Freitag, 10. Juli 2009


DIE LINKE-Fraktion stellt Mitarbeit im ‚Forum Flughafen und Region’ aus Solidarität mit Fraport-Beschäftigten und ihrer Gewerkschaft ein

Zum Erpressungsversuch des Vorstandes und der Arbeitgebervertreter im Aufsichtsrat der Fraport, den 5.000 Beschäftigten der Bodenverkehrsdienste am Frankfurter Flughafen drohe eine  Ausgliederung in eine Billiglohngesellschaft, wenn sie nicht Lohnkürzungen zustimmen, erklärt Hermann Schaus, innen- und gewerkschaftspolitischer Sprecher und Parlamentarischer Geschäftsführer der Fraktion DIE LINKE. im Hessischen Landtag:

„Es ist beschämend, dass ein Unternehmen, das mehrheitlich im Eigentum des Landes Hessen und der Stadt Frankfurt ist, in dieser rücksichtlosen Art und Weise den eigenen Profit vor die elementaren Interessen der Beschäftigten stellt.

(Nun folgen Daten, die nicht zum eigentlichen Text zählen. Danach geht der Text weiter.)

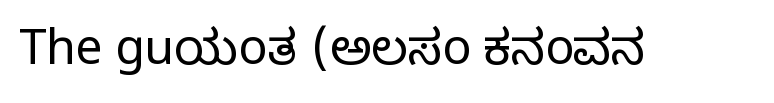
{"serif": "yes", "italic": "no", "bold": "no", "weight": "regular", "width": "normal", "stroke_contrast": "low", "x_height": "large", "monospaced": "no", "underline": "no", "letter_spacing": "normal", "letter_spacing_em": 0.0, "glyph_px": 48}
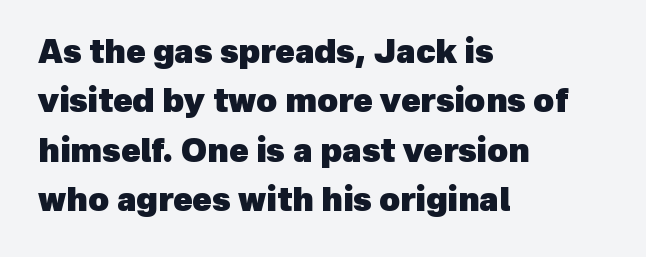
{"serif": "no", "bold": "yes", "weight": "heavy", "width": "normal", "x_height": "medium", "monospaced": "no", "underline": "no", "align": "left", "line_spacing": "normal", "line_spacing_ratio": 1.54, "letter_spacing": "normal", "letter_spacing_em": 0.0, "glyph_px": 32}
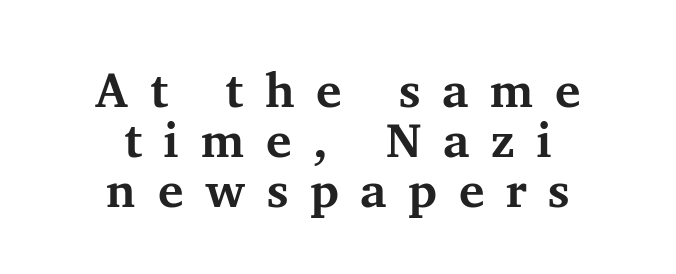
{"serif": "yes", "italic": "no", "bold": "yes", "weight": "bold", "width": "normal", "stroke_contrast": "medium", "x_height": "medium", "monospaced": "no", "underline": "no", "align": "center", "line_spacing": "tight", "line_spacing_ratio": 1.04, "letter_spacing": "wide", "letter_spacing_em": 0.45, "glyph_px": 48}
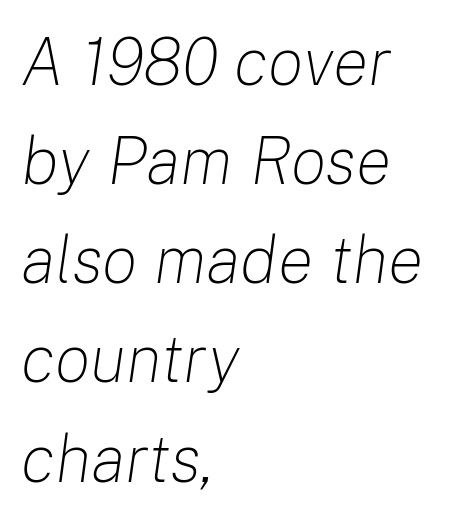
The image shows 67 px light type, italic (leaning right); set left-aligned, normal line spacing (1.48x), normal letter spacing, not underlined; low stroke contrast and a medium x-height.
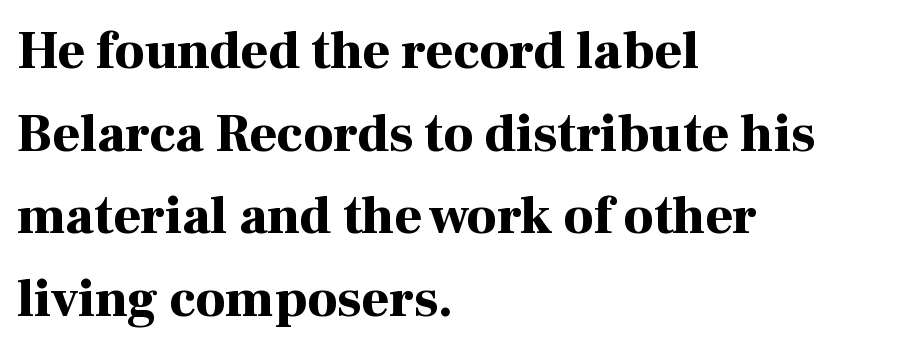
In terms of weight, the rendering is a true, heavy bold. Honestly, the letter spacing is just normal — you wouldn't notice it. Which margin do the lines hug? The left one — the right edge is uneven. Are there feet on the stems? There are — it's a serif. Compared with typical paragraphs, the rows here are spaced about the same.
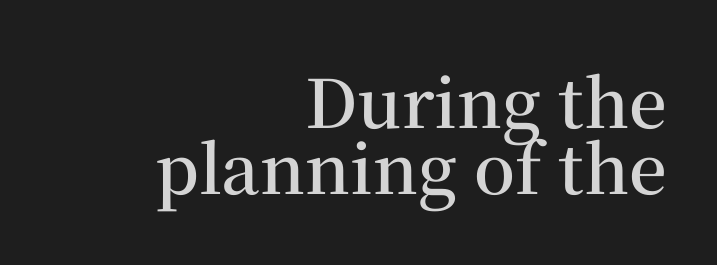
The paragraph has a hard right edge and a soft left edge. If you measured baseline to baseline, you'd find a short distance. The typography opts for an upright posture over an oblique one. Strokes here are thickened, but only to semibold level. Type without underlining. The face used here is seriffed, in the tradition of book romans.
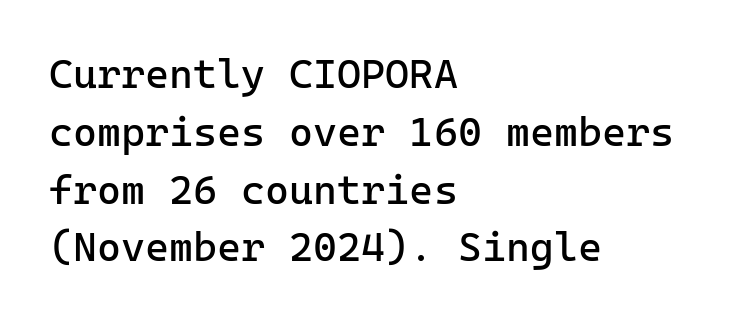
Monospaced: the letters line up in strict vertical columns. Teacher's note: observe the even left margin — that is flush-left alignment. Letters rest on an invisible, unmarked baseline. Here the glyphs are tracked normally, forming tight word shapes. It's the straight-up-and-down kind of type. A normal amount of white space separates one row of letters from the next.
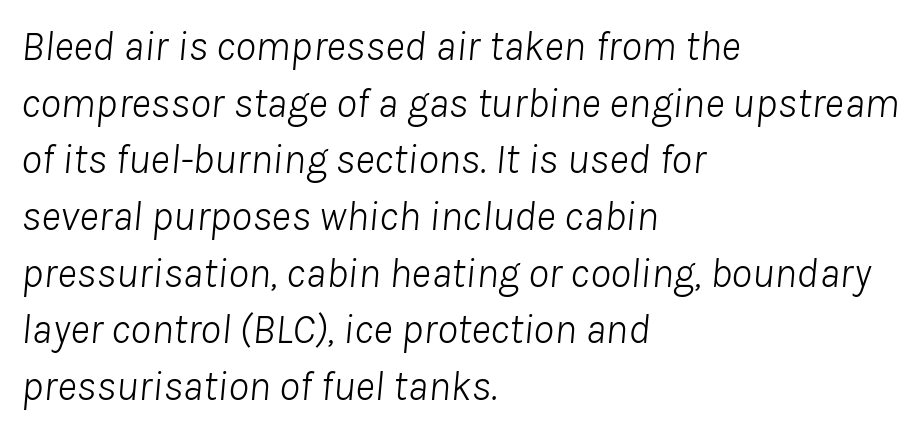
{"italic": "yes", "lean": "right", "slant_degrees": 8, "bold": "no", "weight": "light", "width": "normal", "stroke_contrast": "low", "x_height": "medium", "monospaced": "no", "underline": "no", "align": "left", "line_spacing": "normal", "line_spacing_ratio": 1.35, "letter_spacing": "normal", "letter_spacing_em": 0.0, "glyph_px": 42}
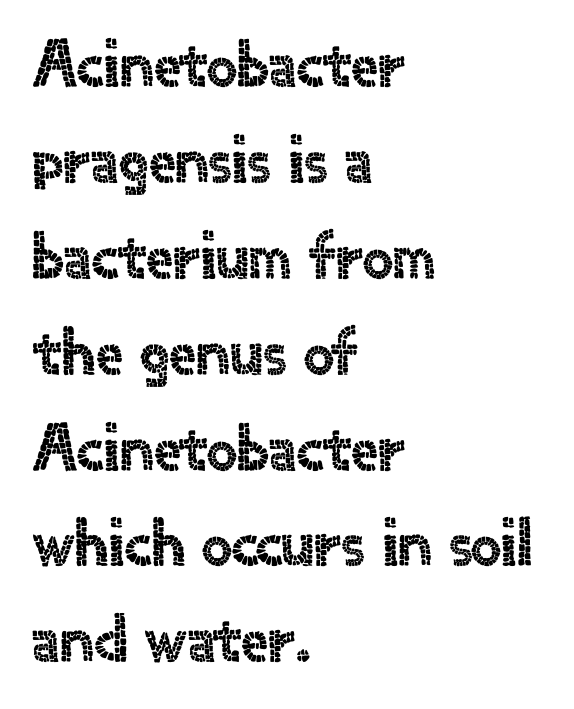
Q: Is the text italic (slanted)? A: No, it is upright.
Q: Is the typeface a serif or a sans-serif typeface? A: Sans-serif.
Q: Is the text underlined? A: No.
Q: How is the paragraph aligned? A: Left-aligned.
Q: Is the spacing between letters normal or unusually wide? A: Normal.
Q: Is the spacing between lines tight, normal or loose? A: Normal.
Q: Width (condensed, normal, or wide)? A: Normal.
Q: x-height? A: Small.
Q: Monospaced? A: No.

Deshalb werden wir aus Solidarität mit den Kolleginnen und Kollegen des DGB und ver.di nicht weiter im Forum Flughafen und Region (FFR) mitarbeiten.“

DIE LINKE unterstütze die Entscheidung des DGB Hessen und des Landesbezirks Hessen der Gewerkschaft ver.di, ihre Mitarbeit bei der Mediation des Forums Flughafen und Region (FFR) sowie dem Konvent des Forums aus Protest einzustellen. Die Gewerkschaften seien gut beraten, allen  Versuchen, durch Tarifflucht und Lohndrückerei die durch die Wirtschaftskrise schwierige Ertragslage des Unternehmens zu verbessern, eine klare Absage zu erteilen.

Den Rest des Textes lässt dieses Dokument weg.